Russia has conducted joint military
exercises with Egypt and signed a preliminary agreement for
its air force to use Egyptian bases.
In December, Putin visited the Middle East
and met with presidents Bashar al-Assad in Syria and Abdel
Fattah el-Sisi in Egypt to discuss the future of the region.
All this has endeared Putin to most
Russians, who believe in the importance of maintaining a
strong state domestically and the need to project the status
of a great power internationally.
There is probably no outright
ballot-stuffing in Russian elections, but they’re not exactly
free and fair.
The regime controls the largest television
stations, which remain the main source of information for the
majority of the population.

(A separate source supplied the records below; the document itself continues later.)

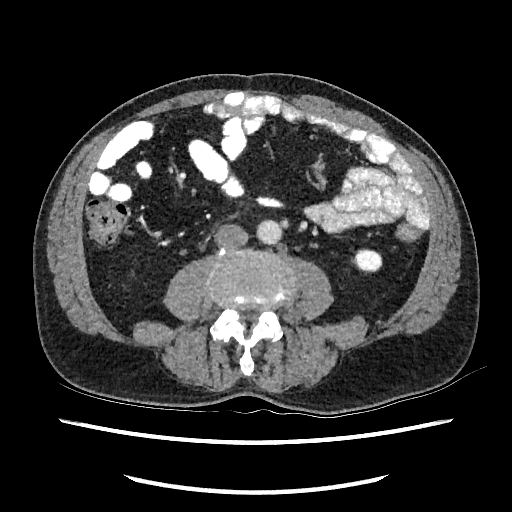

Computed tomography
The kidney is located at rect(354, 249, 381, 271).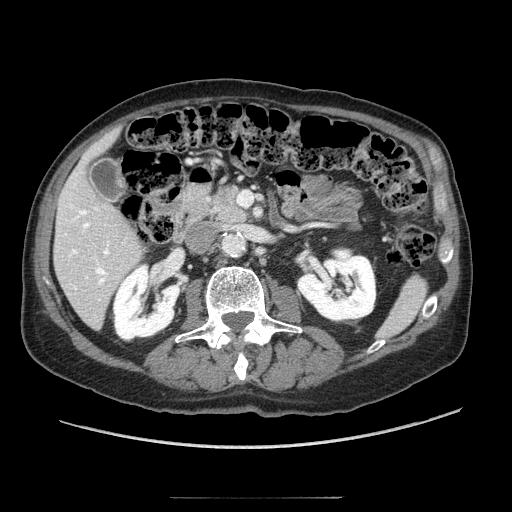
512x512 px. Abdomen. CT.
Pancreatic tumor — {"x1": 219, "y1": 190, "x2": 236, "y2": 205}.
Pancreas — {"x1": 213, "y1": 186, "x2": 245, "y2": 223}.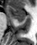 MR | Image size 37x45

posterior hippocampus: x1=18, y1=20, x2=23, y2=22 | anterior hippocampus: x1=6, y1=5, x2=24, y2=19
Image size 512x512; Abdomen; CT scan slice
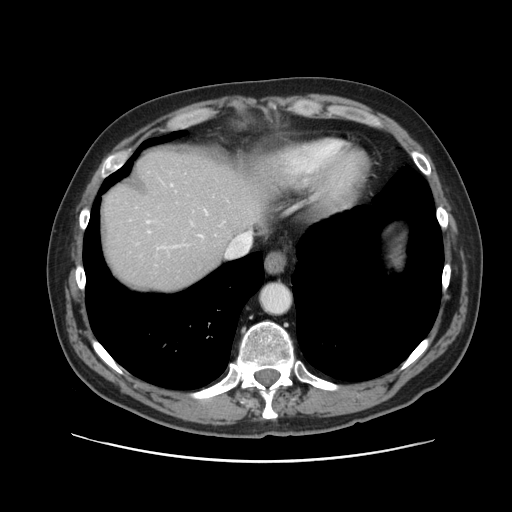 Only some of the vessels may be annotated.
Hepatic vessel at bbox(204, 210, 207, 214); bbox(170, 246, 177, 247); bbox(148, 231, 149, 232); bbox(146, 221, 150, 222); bbox(157, 247, 163, 248).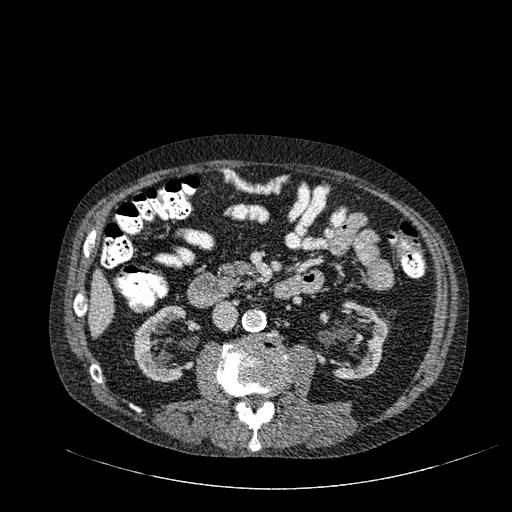

Computed tomography; 512x512 px

* liver: <box>90,270,113,336</box>
* kidney: <box>319,301,388,379</box>, <box>317,353,325,363</box>, <box>320,312,328,323</box>, <box>133,306,197,382</box>, <box>185,320,199,331</box>
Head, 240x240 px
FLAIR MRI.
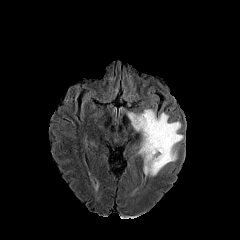
T1-weighted MR image.
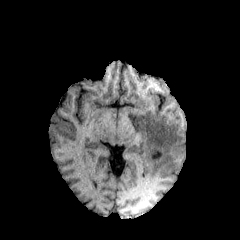
Post-contrast T1-weighted MR image.
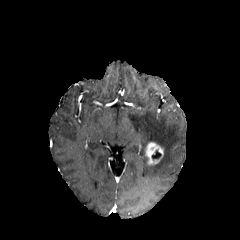
T2-weighted magnetic resonance.
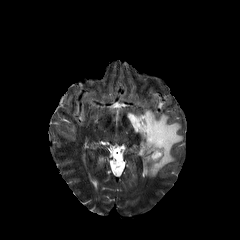
Edema = (x1=128, y1=109, x2=182, y2=178).
Non-enhancing tumor core = (x1=151, y1=150, x2=161, y2=159).
Enhancing tumor = (x1=144, y1=141, x2=164, y2=166).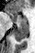

MR image; Medial temporal lobe

posterior hippocampus: box(13, 24, 28, 41) | anterior hippocampus: box(6, 11, 26, 23)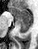
MRI slice | Hippocampus

Segmented structures:
• posterior hippocampus: [18,21,32,32]
• anterior hippocampus: [9,7,32,20]
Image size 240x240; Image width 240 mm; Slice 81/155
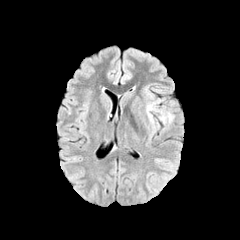
FLAIR magnetic resonance.
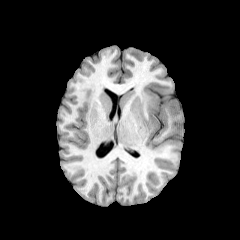
Same slice, T1-weighted magnetic resonance.
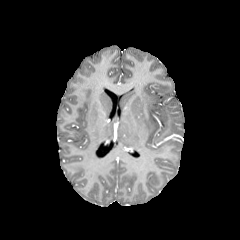
Post-contrast T1-weighted magnetic resonance.
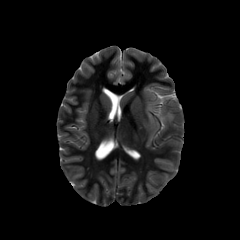
T2-weighted MR.
2 edema regions are located at bbox=[146, 98, 174, 127]; bbox=[145, 89, 154, 99].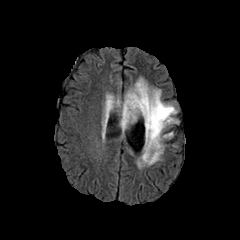
FLAIR MR image.
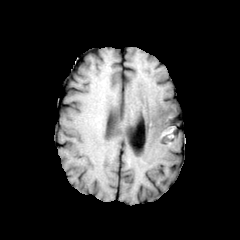
T1-weighted MR image.
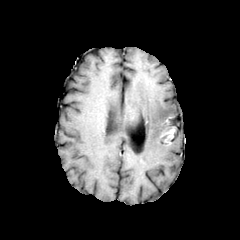
Post-contrast T1-weighted MR image.
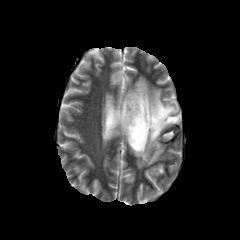
T2-weighted MR image.
240x240 px
3 non-enhancing tumor core regions are located at <box>166,116,177,122</box>, <box>142,104,173,133</box>, <box>125,102,133,116</box>. The edema appears at <box>102,77,179,169</box>.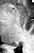
34x53 px. Hippocampus. MR.

The posterior hippocampus appears at 10 44 18 46.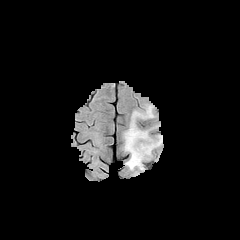
FLAIR MR image.
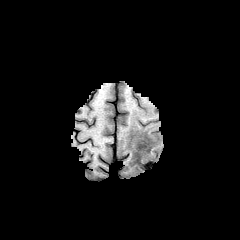
T1-weighted MRI.
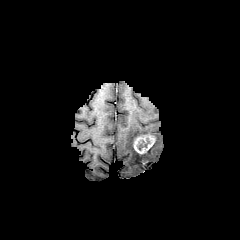
Post-contrast T1-weighted MR image of the same slice.
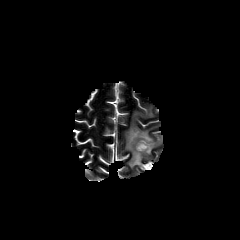
Same slice, T2-weighted magnetic resonance.
Brain
2 edema regions are bounded by 124,118,161,170; 141,108,152,117. The enhancing tumor is located at 134,135,154,153.
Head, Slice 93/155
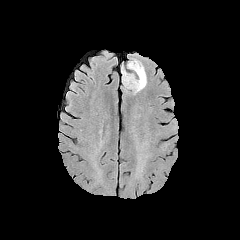
FLAIR magnetic resonance.
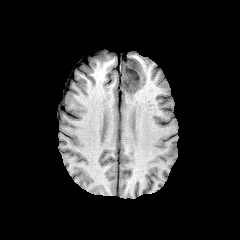
T1-weighted MRI.
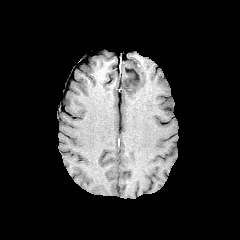
Same slice, post-contrast T1-weighted MRI.
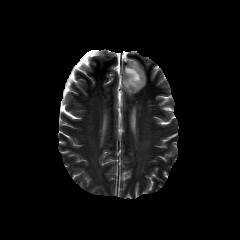
T2-weighted MR of the same slice.
Segmented structures:
* non-enhancing tumor core: 122, 60, 141, 88
* edema: 124, 65, 146, 94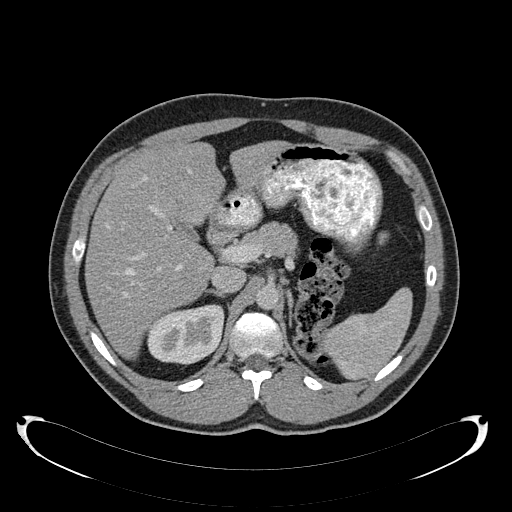 Upper abdomen. CT image. Liver — {"x1": 86, "y1": 143, "x2": 223, "y2": 357}, {"x1": 232, "y1": 141, "x2": 286, "y2": 188}.
Kidney — {"x1": 148, "y1": 305, "x2": 223, "y2": 363}.
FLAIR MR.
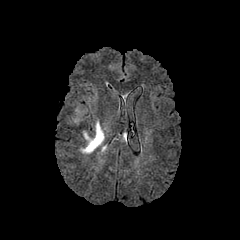
T1-weighted MR image.
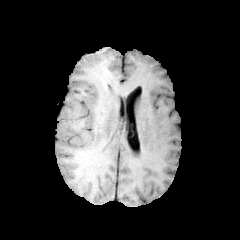
Post-contrast T1-weighted MR.
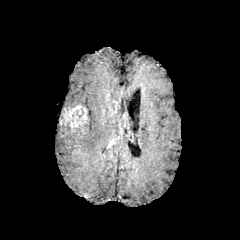
T2-weighted MR image.
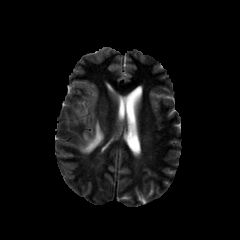
Brain
The non-enhancing tumor core is bounded by 58, 106, 86, 126. The edema is located at 80, 119, 104, 154.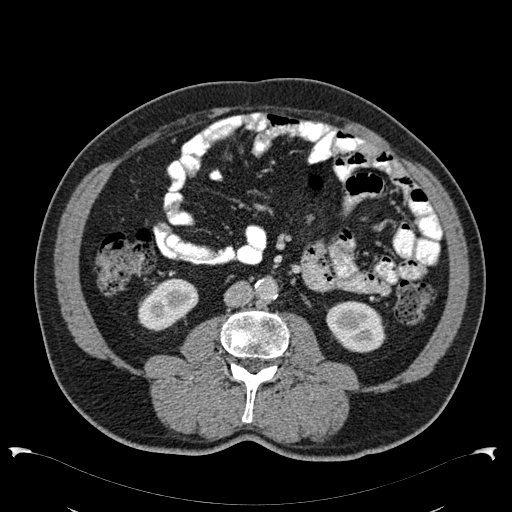

CT slice | Abdomen

{
  "kidney": [
    "326, 301, 384, 352",
    "138, 279, 197, 330"
  ]
}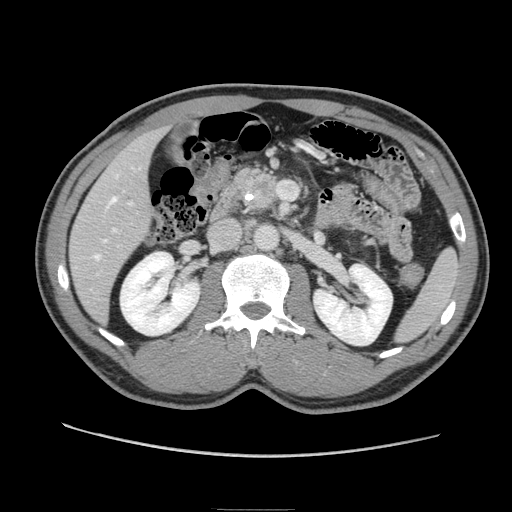
Abdomen. Computed tomography.
pancreatic tumor: [238,169,277,208] | pancreas: [233,166,282,213]
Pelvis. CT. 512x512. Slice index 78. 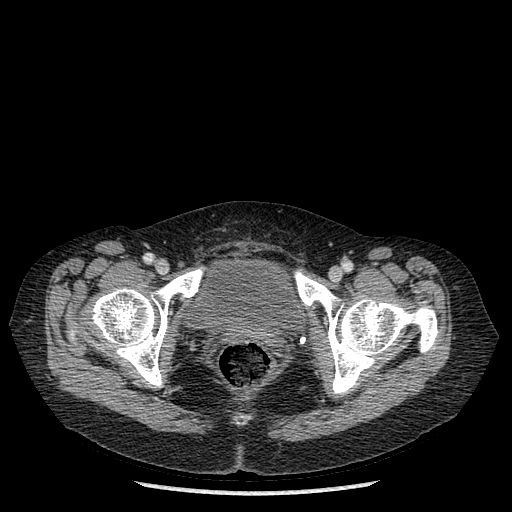
{"bone": ["box=[88, 267, 204, 387]", "box=[294, 271, 438, 395]", "box=[68, 326, 76, 344]"], "urinary_bladder": ["box=[188, 255, 303, 341]"]}
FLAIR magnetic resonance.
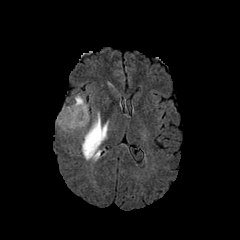
T1-weighted MR.
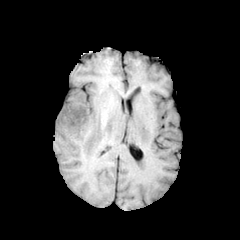
Post-contrast T1-weighted MRI.
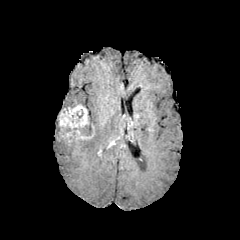
T2-weighted MR.
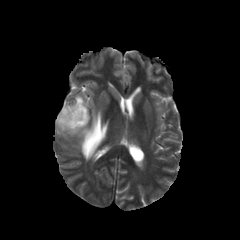
240x240
Segmented structures:
• edema: (left=56, top=117, right=75, bottom=135), (left=80, top=111, right=108, bottom=162), (left=62, top=93, right=88, bottom=111)
• enhancing tumor: (left=58, top=105, right=94, bottom=139)
• non-enhancing tumor core: (left=78, top=124, right=91, bottom=136)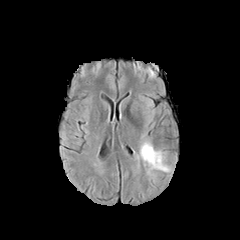
FLAIR MRI.
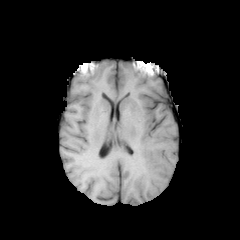
T1-weighted MRI.
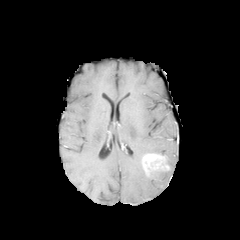
Post-contrast T1-weighted MR image.
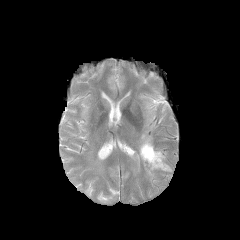
T2-weighted MR image of the same slice.
enhancing_tumor:
  - (left=141, top=150, right=170, bottom=173)
edema:
  - (left=131, top=132, right=166, bottom=169)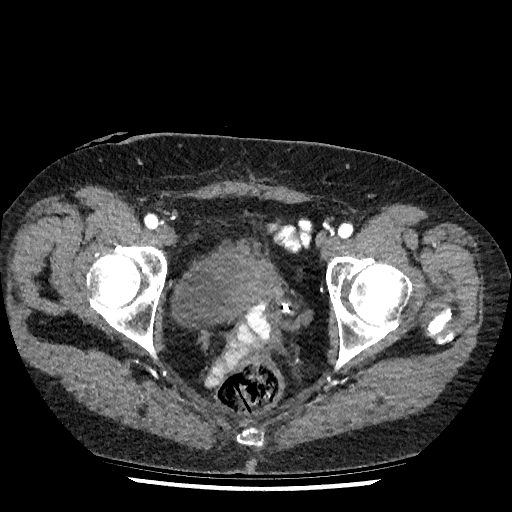
Pelvis; CT image

Urinary bladder — x1=171 y1=238 x2=273 y2=328.
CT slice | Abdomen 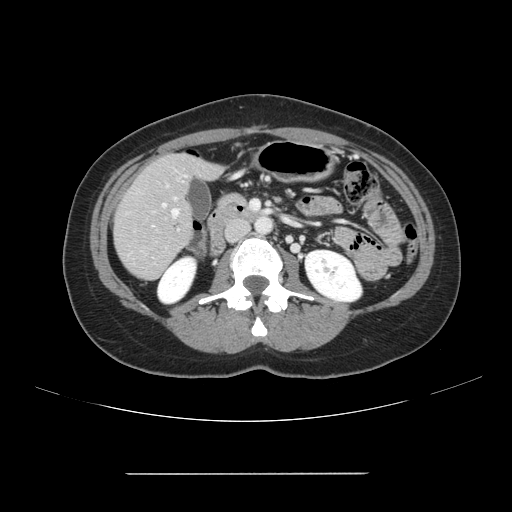

The vessel boxes may cover only some of the vessels.
2 hepatic vessel regions are bounded by <box>163,204,165,206</box>, <box>172,209,177,216</box>.
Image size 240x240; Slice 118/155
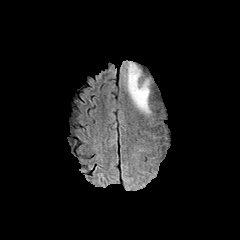
FLAIR MR image.
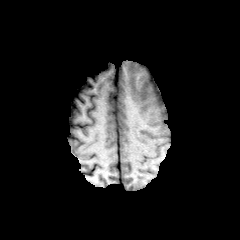
T1-weighted MR image of the same slice.
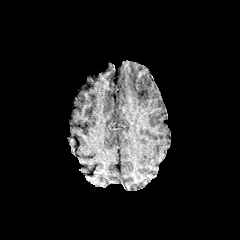
Post-contrast T1-weighted MR of the same slice.
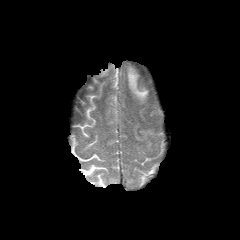
T2-weighted MR image of the same slice.
edema:
  - box(125, 65, 149, 112)

And, given the close connection
between business and the state, Putin has the ability to
dissuade businesses from funding opponents of the regime.
Not everyone is allowed to participate in
the elections; the Justice Ministry decides.
One of Putin’s main critics, the liberal
Boris Nemtsov, was murdered in Moscow in 2015; many suspect
the Kremlin of being behind the assassination.
The dissident Alexey Navalny wants run, but
officials say he will be barred from running for public office
due to a conviction for embezzlement earlier this year, which
he claimed was politically motivated.
Though far weaker than it was earlier in
Putin’s presidency, the economy is predicted to grow by 1.7
per cent in 2017 after contracting by 3.1 per cent in
2015-2016.
But the decision to improve Russia’s armed
forces, the result of the 2008 war with Georgia and the more
recent interventions in Ukraine and Syria, has led to
increased military spending.
Under Putin the country began to push back
against Western hegemony. Some of this is due to American
failure to treat Russia as an equal during the turbulent Boris
Yeltsin years in the 1990s.
For Russians, this was a time of crony
capitalism, political embarrassment, and international
humiliation, and it enabled NATO to expand eastwards to the
very borders of Russia.
The 2014 Ukrainian uprising that removed a
pro-Moscow president and led to Russia’s incursion was the
fault of the West, according to Stephen F. Cohen, professor emeritus of Russian Studies at both
Princeton and New York Universities.
“If you’re sitting
in the Kremlin, and you see this as surreptitious NATO
expansion,” right in neighbouring Ukraine, “do you do
nothing?”
Putin thinks that the pro-democracy
protests in Moscow in 2012 and in 2017 were propelled by
Western efforts to undermine the regime and ultimately bring
about regime change.
Moscow also considers the recent Western
attacks on Russia for allegedly meddling in elections in the
United States and Europe as politically motivated.
Putin has turned a resurgent Russia into a
personalistic dictatorship and the election will be little
more than a referendum on his popularity.